Rue des filles et filles des rues

 

    Les rues de la Petite-Truanderie et de la Grande-Truanderie (Ier) évoquent l’ancienne acception du mot « truand », à savoir des vagabonds, mendiants et voleurs à la tire. Elles manquent de peu un joli nom, celui de rues du Puits-d’Amour, qu’elles portent quelque temps, à la suite d’un drame amoureux qui marque les esprits : le suicide passionnel de la jeune Agnès Hellebick, sous Philippe-Auguste, qui se jette dans un puits érigé au croisement des deux rues. Mais le puits devient, de ce fait, un lieu de rendez-vous amoureux. Lequel attire, de fil en aiguilles, les prostituées…

 

      Nombre de rues attestent la présence de ces filles de joie, mais il faut creuser un peu sous les noms actuels pour en trouver la trace. Par exemple, la rue du Petit-Musc (IVe) est l’habile maquillage de l’ex-rue de la Pute-y-Musse (soit « là où la prostituée se cache »). Quant à la rue des Vertus (IIIe), elle est arpentée par des professionnelles qui en ont une bien petite… Plus radicale encore l’opération de camouflage de la rue du Pélican (Ier), qui n’est autre que l’ex-rue du Poil-au-Con !

 

   Ailleurs, la toponymie a fait disparaître ces filles dérangeantes sans se soucier d’homophonie : la rue Marie-Stuart (IIe) vient blanchir l’ex-rue Tirevit, appelée par la suite Tireboudin ; quant à la rue Beaubourg (IIIe et IVe), elle a absorbé l’ex-rue Transnonnain, que le peuple prenait plaisir à appeler « Trousse-Nonnain » ou « Trace-Putain ».

 

Des noms et des odeurs

 

     C’est que le peuple du Moyen Âge est bien moins pudibond qu’aujourd’hui. La rue pue, et on le dit.

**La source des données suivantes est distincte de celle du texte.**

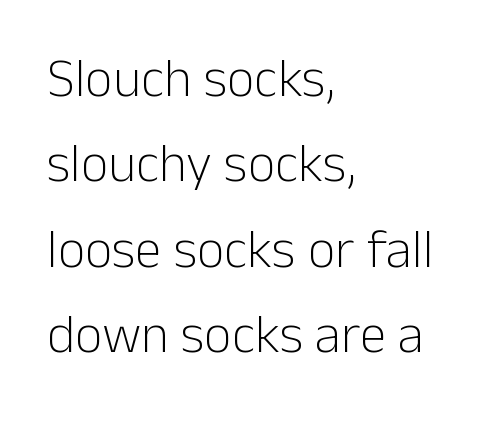
Counters stay open thanks to moderate or lighter strokes. In terms of posture, this sample is upright. Glyph-to-glyph distance matches everyday printed text. This sample has the flowing, uneven cadence of proportional lettering.
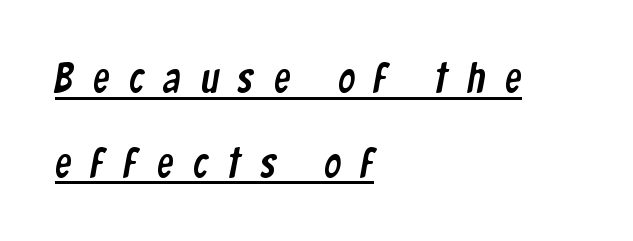
Q: Is the typeface a serif or a sans-serif typeface? A: Sans-serif.
Q: Is the text underlined? A: Yes.
Q: How is the paragraph aligned? A: Left-aligned.
Q: Is the spacing between letters normal or unusually wide? A: Unusually wide.
Q: Is the spacing between lines tight, normal or loose? A: Loose.
Q: Width (condensed, normal, or wide)? A: Condensed.
Q: Stroke contrast? A: Low.
Q: x-height? A: Medium.
Q: Monospaced? A: No.
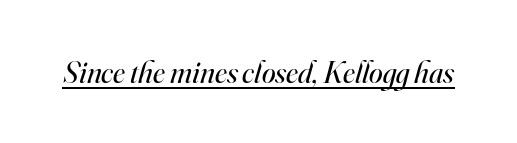
The image shows 31 px regular-weight serif type, italic (leaning right); set normal letter spacing, underlined; high stroke contrast and a small x-height.

On dénombre au moins quatre rue Merderet (ou ses variantes orthographiques) ; la seule qui subsiste fait disparaître ses origines excrémentielles sous l’appellation « rue Verderet » (XVIe), mais il faut en avoir plein les yeux pour n’y voir que du vert…

 

     D’ailleurs, en toponymie, le vert est louche, ainsi que tout ce qui est dit « fleuri » : ça sent le gazon maudit ! Les maisons closes s’appellent « château vert », « panier vert », « cage verte ». Le square du Vert-Galant (Ier), surnom d’Henri IV, fait allusion aux ardeurs sexuelles de cet homme qui resta vigoureux jusqu’à un âge avancé.

 

   Difficile pour nous d’imaginer qu’il y eut à Paris deux rues du Pet, et même, à l’emplacement du si prestigieux lycée Louis-le-Grand, une rue des Chieurs, que l’on édulcora en « rue des Chiens » par la suite…

 

La vie d’avant les poubelles

 

     Ce que l’on ignore aussi, c’est que le mot de « voirie » désignait également les immondices qui se trouvaient sur les voies publiques. Il existait de nombreuses rues appelées « voiries » dans cette acception nauséabonde : la voirie Saint-Denis, Saint-Honoré, du Roule, Popincourt, etc. Subsiste aujourd’hui uniquement le passage de la Petite-Voirie (XIe). Les passages et les impasses faisaient souvent usage de dépotoirs. L’impasse des Bourdonnais (Ier), par exemple, avant de se voir rebaptisée du même patronyme que la rue adjacente, s’appela successivement « place aux Chats » et « cul-de-sac de la Fosse-aux-Chiens », parce qu’elle était située juste en dehors de l’enceinte de Paris et que l’on y jetait les cadavres des animaux. Il est peu dire que le Paris d’autrefois ne sentait pas la rose…

 

 

encadré 1

 

Les mauvais garçons

La sage rue Grégoire-de-Tours (VIe) d’aujourd’hui connut les noms de « ruelle de la Grande-Boucherie », « rue de l’Escorcherie », « rue de la Tuerie » : c’était là que les bouchers abattaient et écorchaient les bêtes. Leur violence suscita des troubles, au xve siècle. La rue des garçons bouchers devint la rue des Mauvais-Garçons. Cette appellation est restée pour une autre rue du IVe arrondissement. En plein Marais gay et rebelle, il y a fort à parier que certains habitants s’en fassent aujourd’hui une fierté…

 

encadré 2

 

Alouettes et fillettes, les trompeuses

Les premières ressemblent à des oiseaux. Habiter rue des Alouettes (XIXe), c’est bien joli ! Sauf que le mot vient de l’ancien français luer, « enduire de boue », et désigne un endroit spongieux. C’est aussi l’origine du nom Lutèce, qui subsiste dans une rue du IVe et surtout désigne le nom de la capitale du temps où elle se limitait à l’île de la Cité. Paris, la ville boueuse… Quant à la rue des Fillettes (XVIIIe), pas si innocente qu’elle en a l’air, il est probable qu’elle évoque un ancien lupanar.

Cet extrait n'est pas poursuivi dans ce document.